Knowing yourself while abroad.
Going abroad definitely had a lot of challenges that I never would have considered to be an issue. I didn't realize how tired physically and socially the experience would be on me and I was met with a hard first two weeks. During the full week in Italy, I had to share a room with someone which meant I was already with another person. And as someone who values alone time, this took up a lot more of my energy than anticipated. Upon our return back to Austria, I realized that I needed to do activities that would help me recover my socialization burnout.
I decided to just enjoy my own company while walking around the beautiful city center of Vienna, also known as the first district. Once again, the beautifully built buildings never ceased to amaze me. Despite the hot weather, walking the streets felt so soothing. I allowed myself to walk towards anything that peaked my interest and didn't care about the idea of getting lost.

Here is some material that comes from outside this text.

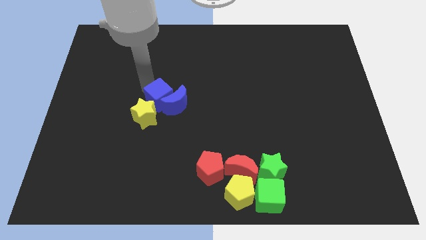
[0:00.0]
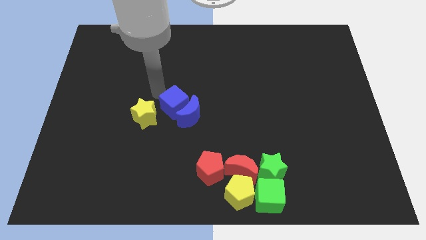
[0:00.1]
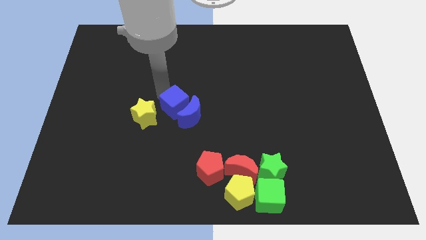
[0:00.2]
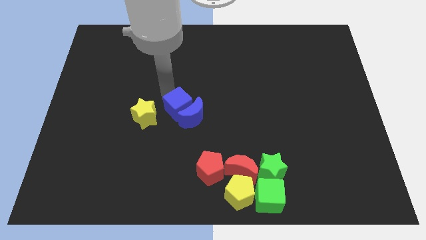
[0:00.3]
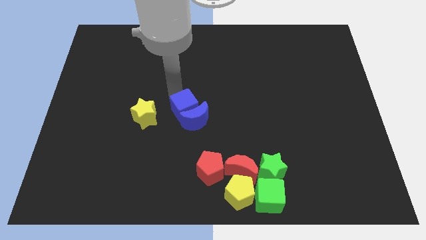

I entered into a lot of shops but also spent some time in an art museum. It gave me a space of creativity and solitude. A space with so much time to reflect on what my needs are and how to sustain myself. Time passed very slowly as I meditated on what I wanted out of this opportunity abroad and how to best take care of my body. I thought about my worries and how to manage the ones I had control over. I thought about everything I was grateful for and how I can continue appreciating everything I've been blessed with continuously. Despite my weakness in my physique, I was so thankful that my body carried me to see such wonderful places in the world.
Our busy, packed schedule continued as usual but I found myself being more stable than before. I made sure to work through anxiety or fatigue and to enjoy every experience with love and patience. The weather was unpredictable and the sun hid behind the thick coats of rain clouds. But so much beauty remained. I loved walking in grand palaces and museums. It was unbelievable to think I could walk the same grounds as royalty. Not even the rain could prohibit me from walking all over the gardens and exploring the premises deeper.
My time abroad allowed me to grow in my ability to listen to myself closely and feel comfortable in knowing how to accommodate my feelings. Making sure to give my body lots of rest and good food. Putting my mind to ease with hobbies like crafting or taking lots of pictures. And I satisfied my heart by immersing myself in the wondrous city of Vienna.